Data items
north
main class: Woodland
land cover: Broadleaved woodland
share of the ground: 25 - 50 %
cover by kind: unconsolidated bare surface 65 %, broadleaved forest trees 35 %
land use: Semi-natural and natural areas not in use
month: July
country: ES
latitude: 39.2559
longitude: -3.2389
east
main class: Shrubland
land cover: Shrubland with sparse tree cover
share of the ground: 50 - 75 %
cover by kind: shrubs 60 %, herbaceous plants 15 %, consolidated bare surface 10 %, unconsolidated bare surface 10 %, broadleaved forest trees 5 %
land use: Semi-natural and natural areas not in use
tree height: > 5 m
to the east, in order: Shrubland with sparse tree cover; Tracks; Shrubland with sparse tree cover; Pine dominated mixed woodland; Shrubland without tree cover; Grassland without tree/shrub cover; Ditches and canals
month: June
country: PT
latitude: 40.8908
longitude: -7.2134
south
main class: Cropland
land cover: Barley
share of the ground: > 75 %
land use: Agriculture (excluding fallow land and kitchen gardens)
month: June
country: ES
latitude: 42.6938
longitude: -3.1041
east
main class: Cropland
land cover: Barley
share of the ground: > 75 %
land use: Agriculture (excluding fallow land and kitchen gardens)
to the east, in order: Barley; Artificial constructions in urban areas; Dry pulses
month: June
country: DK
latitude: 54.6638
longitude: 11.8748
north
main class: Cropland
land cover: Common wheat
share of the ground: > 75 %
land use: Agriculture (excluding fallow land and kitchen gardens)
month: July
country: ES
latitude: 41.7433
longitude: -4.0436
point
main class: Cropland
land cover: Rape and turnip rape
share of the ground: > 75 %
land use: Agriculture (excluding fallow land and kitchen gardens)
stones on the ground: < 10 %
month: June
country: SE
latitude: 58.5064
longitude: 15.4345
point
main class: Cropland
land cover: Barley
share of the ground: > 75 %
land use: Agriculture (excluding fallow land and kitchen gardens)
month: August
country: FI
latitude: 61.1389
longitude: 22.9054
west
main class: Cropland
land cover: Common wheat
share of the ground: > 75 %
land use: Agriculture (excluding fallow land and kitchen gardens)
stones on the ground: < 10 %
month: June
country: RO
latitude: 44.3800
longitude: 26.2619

## PROBLEM TO WORK ON
Your response should consist of the data above, duplicated exactly.

## YOUR RESPONSE
north
main class: Woodland
land cover: Broadleaved woodland
share of the ground: 25 - 50 %
cover by kind: unconsolidated bare surface 65 %, broadleaved forest trees 35 %
land use: Semi-natural and natural areas not in use
month: July
country: ES
latitude: 39.2559
longitude: -3.2389
east
main class: Shrubland
land cover: Shrubland with sparse tree cover
share of the ground: 50 - 75 %
cover by kind: shrubs 60 %, herbaceous plants 15 %, consolidated bare surface 10 %, unconsolidated bare surface 10 %, broadleaved forest trees 5 %
land use: Semi-natural and natural areas not in use
tree height: > 5 m
to the east, in order: Shrubland with sparse tree cover; Tracks; Shrubland with sparse tree cover; Pine dominated mixed woodland; Shrubland without tree cover; Grassland without tree/shrub cover; Ditches and canals
month: June
country: PT
latitude: 40.8908
longitude: -7.2134
south
main class: Cropland
land cover: Barley
share of the ground: > 75 %
land use: Agriculture (excluding fallow land and kitchen gardens)
month: June
country: ES
latitude: 42.6938
longitude: -3.1041
east
main class: Cropland
land cover: Barley
share of the ground: > 75 %
land use: Agriculture (excluding fallow land and kitchen gardens)
to the east, in order: Barley; Artificial constructions in urban areas; Dry pulses
month: June
country: DK
latitude: 54.6638
longitude: 11.8748
north
main class: Cropland
land cover: Common wheat
share of the ground: > 75 %
land use: Agriculture (excluding fallow land and kitchen gardens)
month: July
country: ES
latitude: 41.7433
longitude: -4.0436
point
main class: Cropland
land cover: Rape and turnip rape
share of the ground: > 75 %
land use: Agriculture (excluding fallow land and kitchen gardens)
stones on the ground: < 10 %
month: June
country: SE
latitude: 58.5064
longitude: 15.4345
point
main class: Cropland
land cover: Barley
share of the ground: > 75 %
land use: Agriculture (excluding fallow land and kitchen gardens)
month: August
country: FI
latitude: 61.1389
longitude: 22.9054
west
main class: Cropland
land cover: Common wheat
share of the ground: > 75 %
land use: Agriculture (excluding fallow land and kitchen gardens)
stones on the ground: < 10 %
month: June
country: RO
latitude: 44.3800
longitude: 26.2619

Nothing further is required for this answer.